--- DATASET EXCERPTS ---
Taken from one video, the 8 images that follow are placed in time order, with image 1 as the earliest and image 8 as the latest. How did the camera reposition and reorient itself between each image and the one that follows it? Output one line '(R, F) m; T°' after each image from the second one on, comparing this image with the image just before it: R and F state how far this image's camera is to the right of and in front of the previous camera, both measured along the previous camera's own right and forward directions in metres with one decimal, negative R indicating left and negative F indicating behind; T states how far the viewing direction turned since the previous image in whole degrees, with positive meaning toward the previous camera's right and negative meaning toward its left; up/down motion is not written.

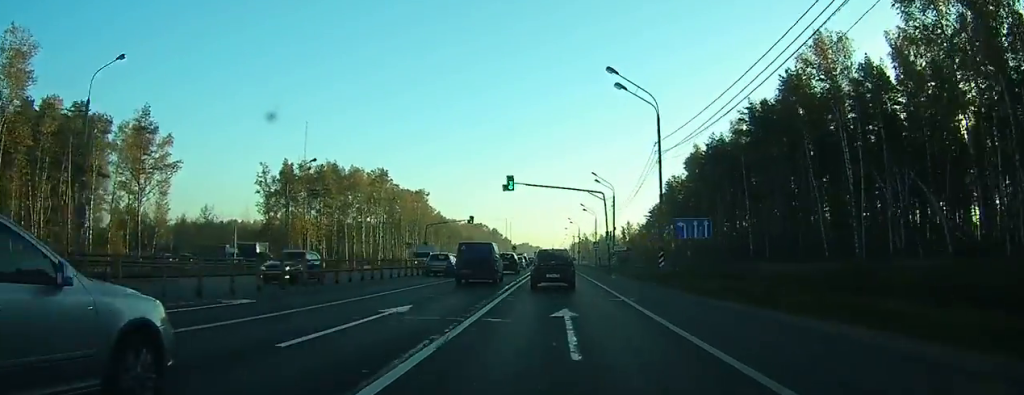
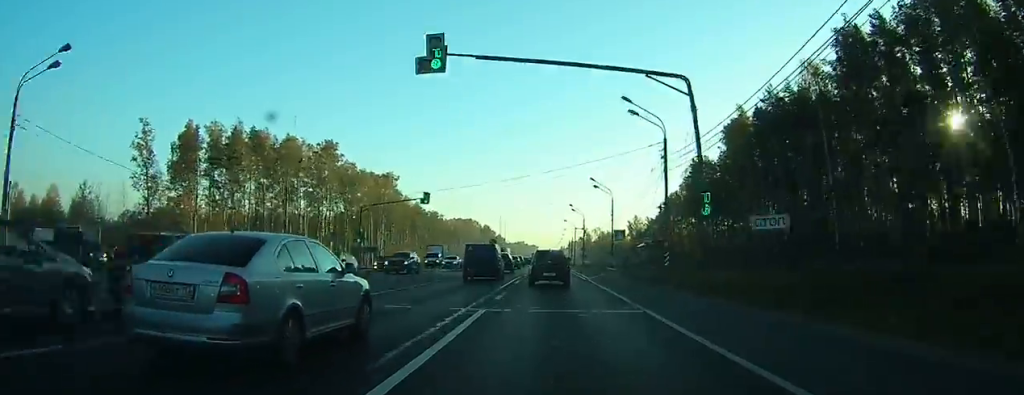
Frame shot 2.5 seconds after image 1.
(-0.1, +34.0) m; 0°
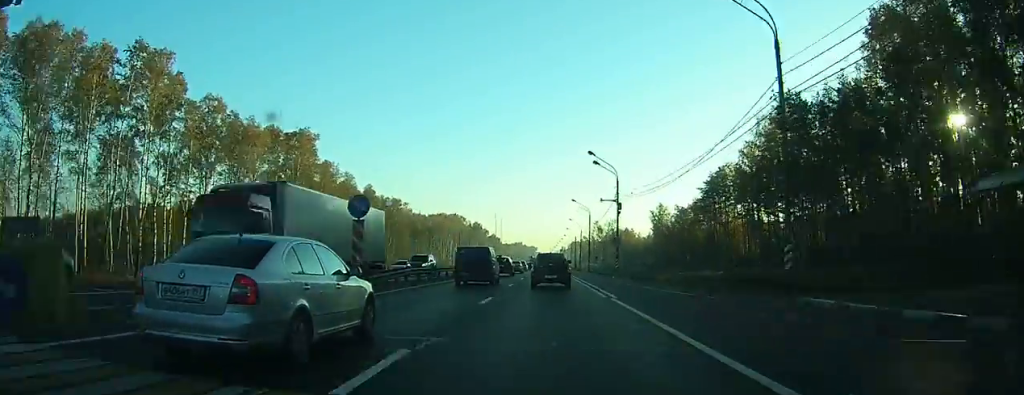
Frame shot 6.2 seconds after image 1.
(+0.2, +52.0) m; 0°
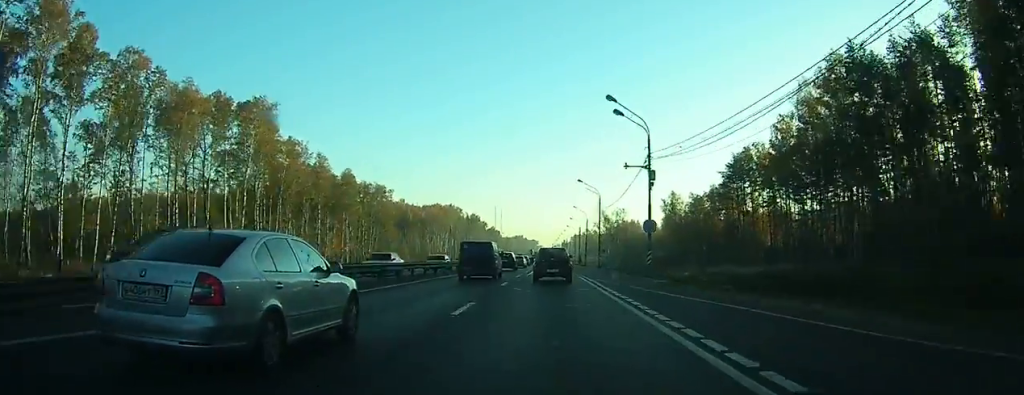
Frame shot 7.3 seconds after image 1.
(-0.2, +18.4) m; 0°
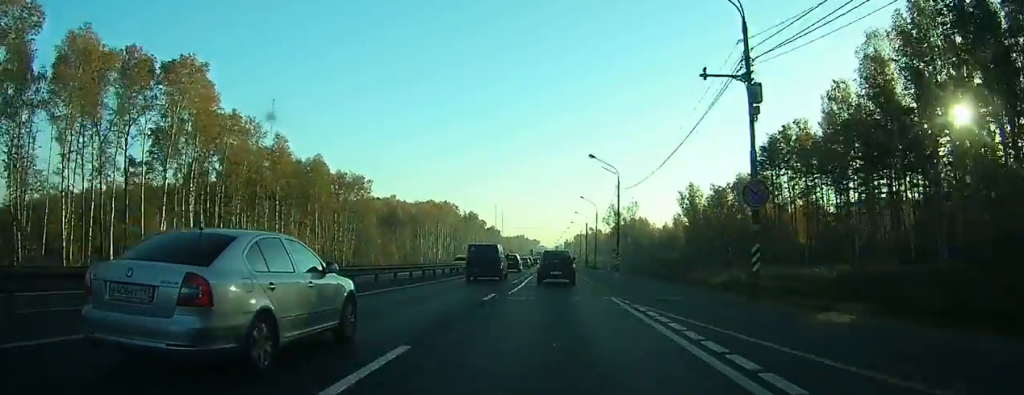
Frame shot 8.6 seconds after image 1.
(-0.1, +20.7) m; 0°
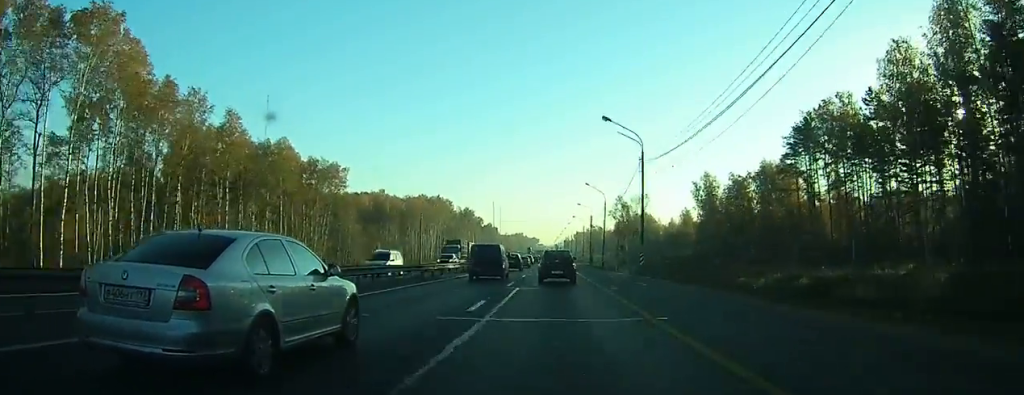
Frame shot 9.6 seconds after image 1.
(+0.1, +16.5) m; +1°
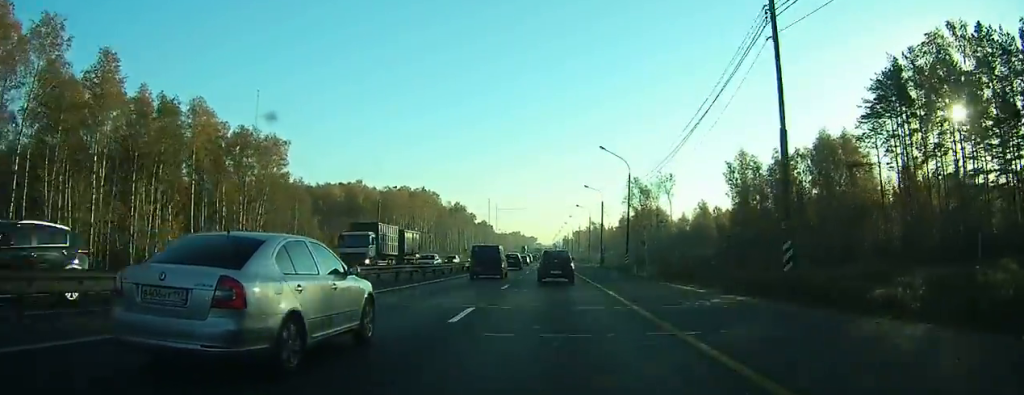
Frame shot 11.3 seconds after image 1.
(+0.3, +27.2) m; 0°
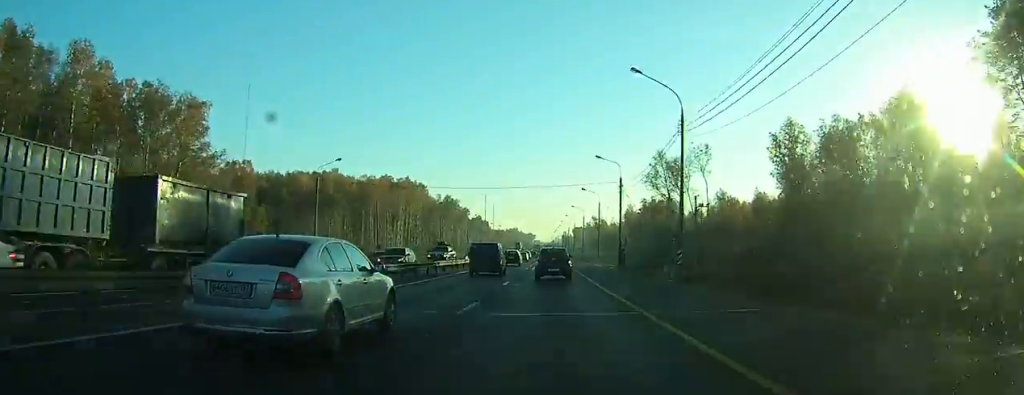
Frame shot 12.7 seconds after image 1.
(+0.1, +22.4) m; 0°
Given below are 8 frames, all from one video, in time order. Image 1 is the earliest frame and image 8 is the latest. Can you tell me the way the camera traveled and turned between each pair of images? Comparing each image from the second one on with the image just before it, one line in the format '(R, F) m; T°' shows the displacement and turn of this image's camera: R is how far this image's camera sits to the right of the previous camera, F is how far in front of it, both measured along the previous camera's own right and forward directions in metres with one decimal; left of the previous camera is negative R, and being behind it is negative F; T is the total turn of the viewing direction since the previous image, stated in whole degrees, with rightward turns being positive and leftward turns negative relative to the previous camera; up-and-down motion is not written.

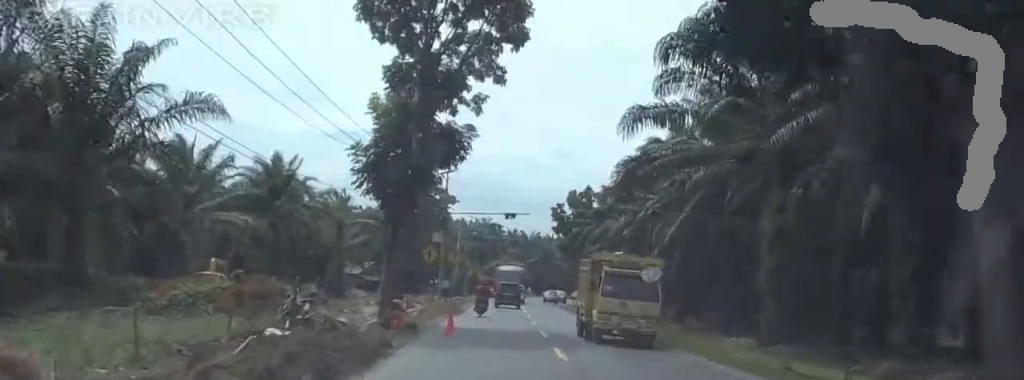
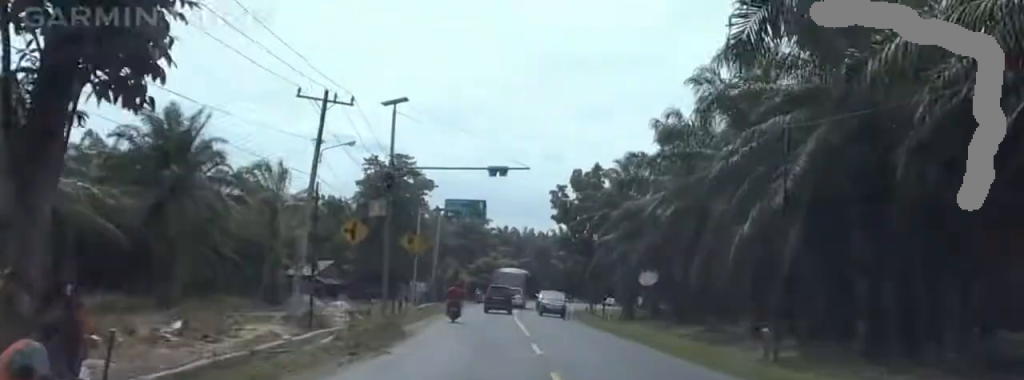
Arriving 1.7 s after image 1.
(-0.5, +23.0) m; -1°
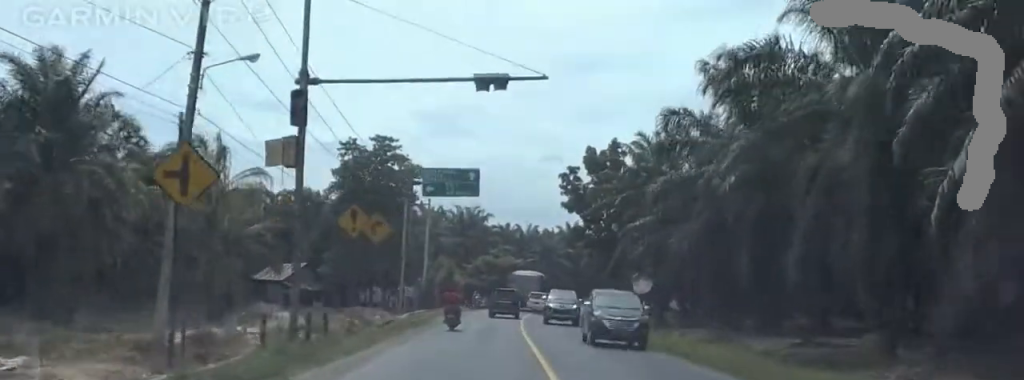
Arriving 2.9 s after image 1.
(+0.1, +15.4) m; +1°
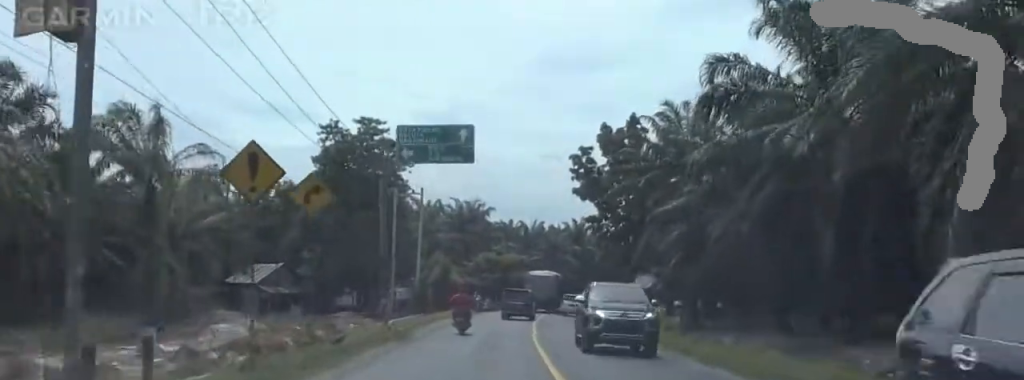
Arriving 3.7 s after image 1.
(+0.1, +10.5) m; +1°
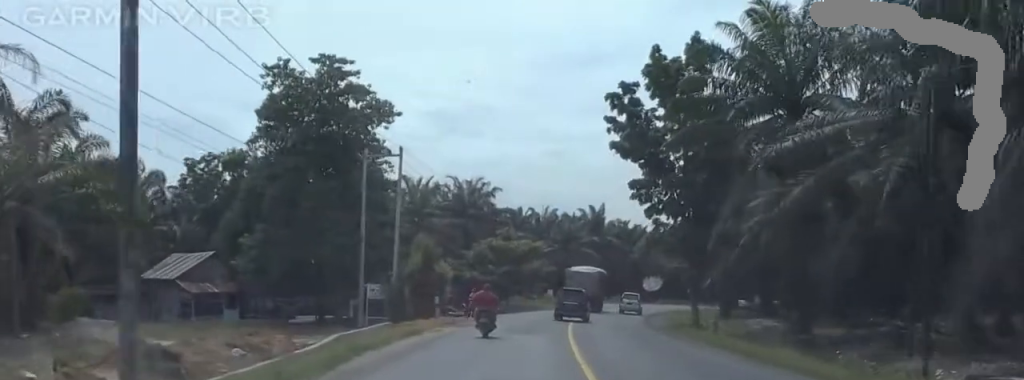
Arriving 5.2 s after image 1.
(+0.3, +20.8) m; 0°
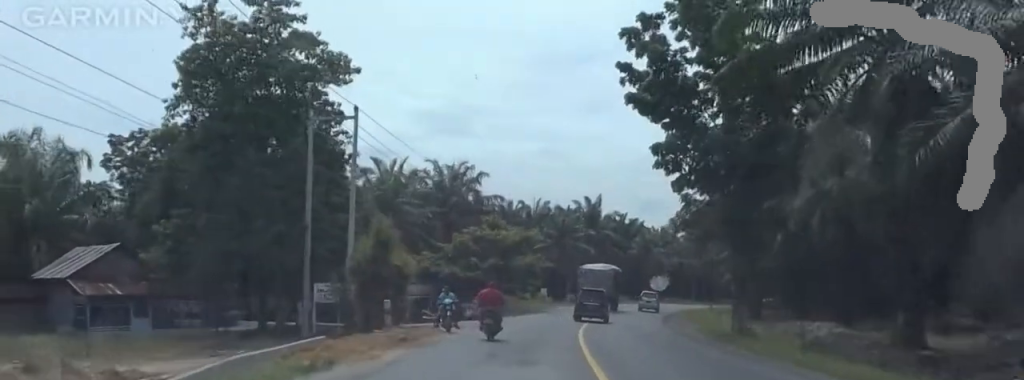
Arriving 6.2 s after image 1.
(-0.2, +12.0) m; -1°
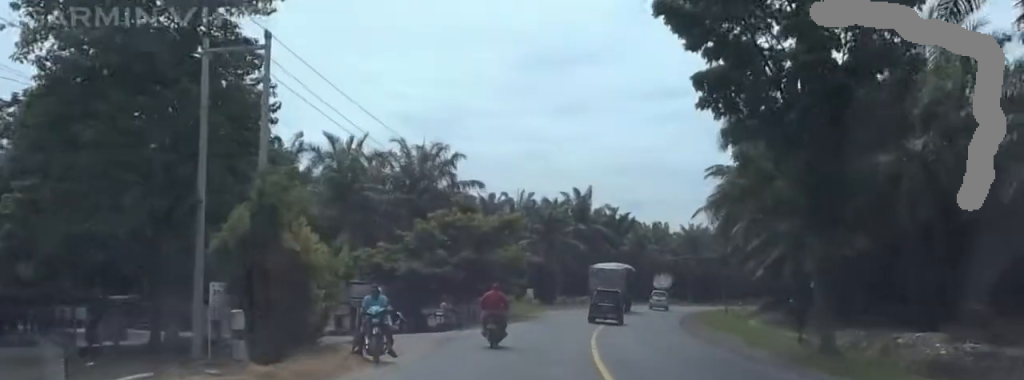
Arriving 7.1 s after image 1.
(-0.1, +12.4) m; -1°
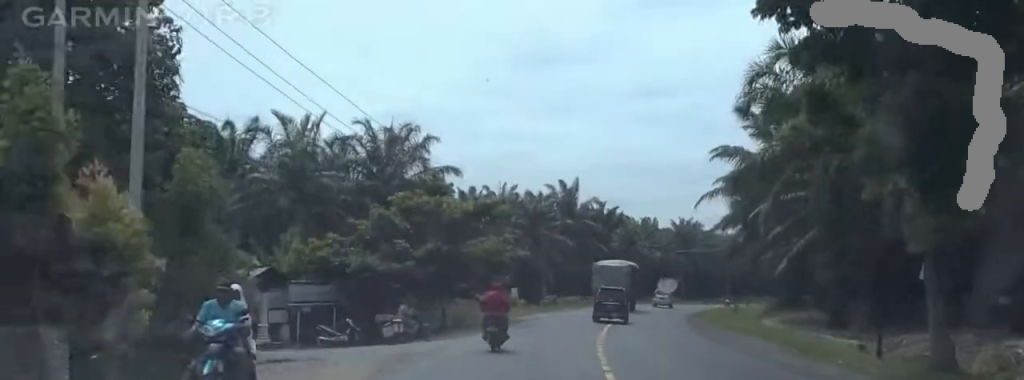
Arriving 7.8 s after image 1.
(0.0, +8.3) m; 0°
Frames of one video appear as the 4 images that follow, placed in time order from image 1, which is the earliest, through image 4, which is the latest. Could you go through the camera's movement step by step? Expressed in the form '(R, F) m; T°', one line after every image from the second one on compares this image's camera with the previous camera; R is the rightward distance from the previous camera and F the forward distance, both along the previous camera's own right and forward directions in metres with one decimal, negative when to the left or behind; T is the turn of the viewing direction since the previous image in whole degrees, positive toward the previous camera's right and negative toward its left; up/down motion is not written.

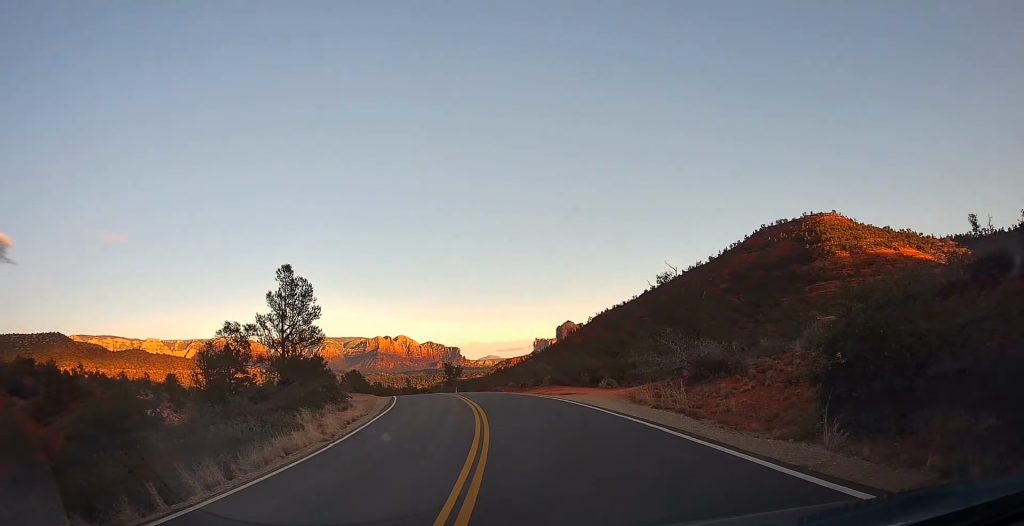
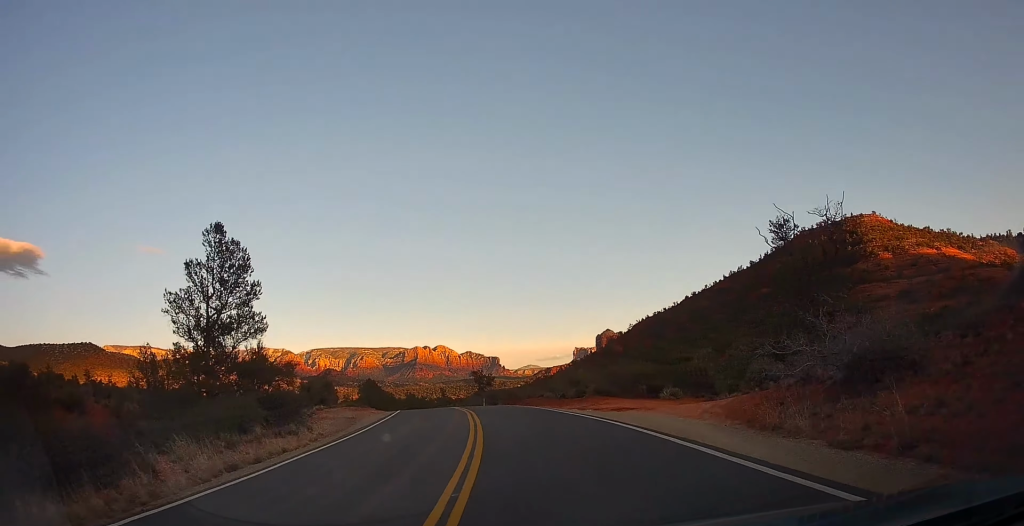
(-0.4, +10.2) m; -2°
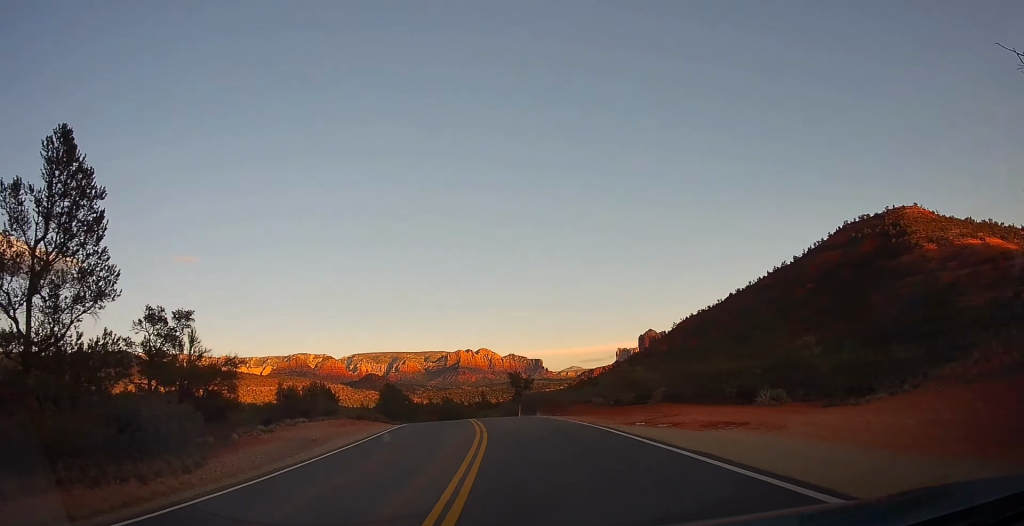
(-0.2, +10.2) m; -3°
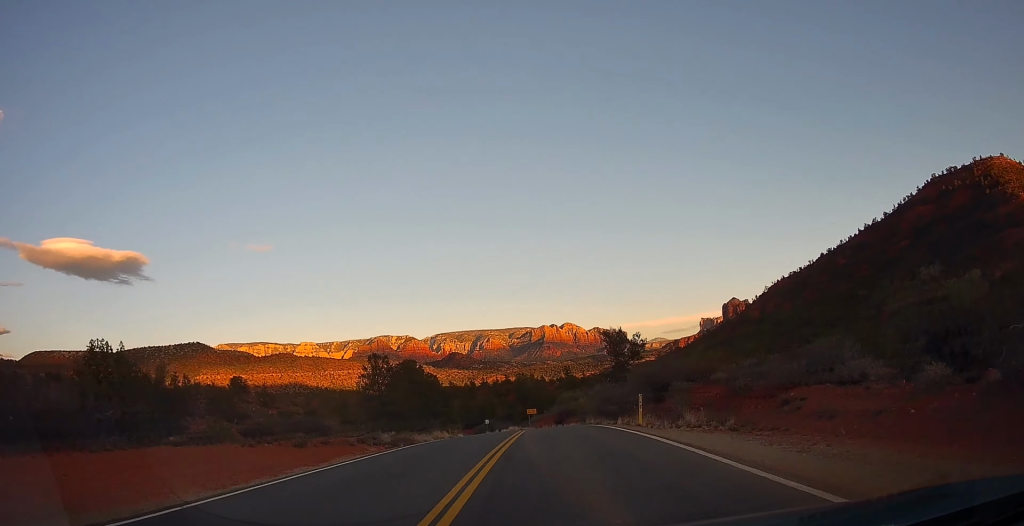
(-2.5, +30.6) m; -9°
---
Every record is to be restated word for word, with the pictures left out.

Taken from one video, the 8 images that follow are placed in time order, with image 1 as the earliest and image 8 as the latest. How did the camera reposition and reorient itself between each image and the one that follows it? Output one line '(R, F) m; T°' after each image from the second one on, comparing this image with the image just before it: R and F state how far this image's camera is to the right of and in front of the previous camera, both measured along the previous camera's own right and forward directions in metres with one decimal, negative R indicating left and negative F indicating behind; T states how far the viewing direction turned since the previous image in whole degrees, with positive meaning toward the previous camera's right and negative meaning toward its left; up/down motion is not written.

Frame shot 2.5 seconds after image 1.
(-0.1, +34.0) m; 0°
Frame shot 6.2 seconds after image 1.
(+0.2, +52.0) m; 0°
Frame shot 7.3 seconds after image 1.
(-0.2, +18.4) m; 0°
Frame shot 8.6 seconds after image 1.
(-0.1, +20.7) m; 0°
Frame shot 9.6 seconds after image 1.
(+0.1, +16.5) m; +1°
Frame shot 11.3 seconds after image 1.
(+0.3, +27.2) m; 0°
Frame shot 12.7 seconds after image 1.
(+0.1, +22.4) m; 0°
Given below are 8 frames, all from one video, in time order. Image 1 is the earliest frame and image 8 is the latest. Can you tell me the way the camera traveled and turned between each pair of images? Comparing each image from the second one on with the image just before it, one line in the format '(R, F) m; T°' shows the displacement and turn of this image's camera: R is how far this image's camera sits to the right of the previous camera, F is how far in front of it, both measured along the previous camera's own right and forward directions in metres with one decimal; left of the previous camera is negative R, and being behind it is negative F; T is the total turn of the viewing direction since the previous image, stated in whole degrees, with rightward turns being positive and leftward turns negative relative to the previous camera; up-and-down motion is not written.

Arriving 1.7 s after image 1.
(-0.5, +23.0) m; -1°
Arriving 2.9 s after image 1.
(+0.1, +15.4) m; +1°
Arriving 3.7 s after image 1.
(+0.1, +10.5) m; +1°
Arriving 5.2 s after image 1.
(+0.3, +20.8) m; 0°
Arriving 6.2 s after image 1.
(-0.2, +12.0) m; -1°
Arriving 7.1 s after image 1.
(-0.1, +12.4) m; -1°
Arriving 7.8 s after image 1.
(0.0, +8.3) m; 0°
Frames of one video appear as the 4 images that follow, placed in time order from image 1, which is the earliest, through image 4, which is the latest. Could you go through the camera's movement step by step? Expressed in the form '(R, F) m; T°', one line after every image from the second one on compares this image's camera with the previous camera; R is the rightward distance from the previous camera and F the forward distance, both along the previous camera's own right and forward directions in metres with one decimal, negative when to the left or behind; T is the turn of the viewing direction since the previous image in whole degrees, positive toward the previous camera's right and negative toward its left; up/down motion is not written.

(-0.4, +10.2) m; -2°
(-0.2, +10.2) m; -3°
(-2.5, +30.6) m; -9°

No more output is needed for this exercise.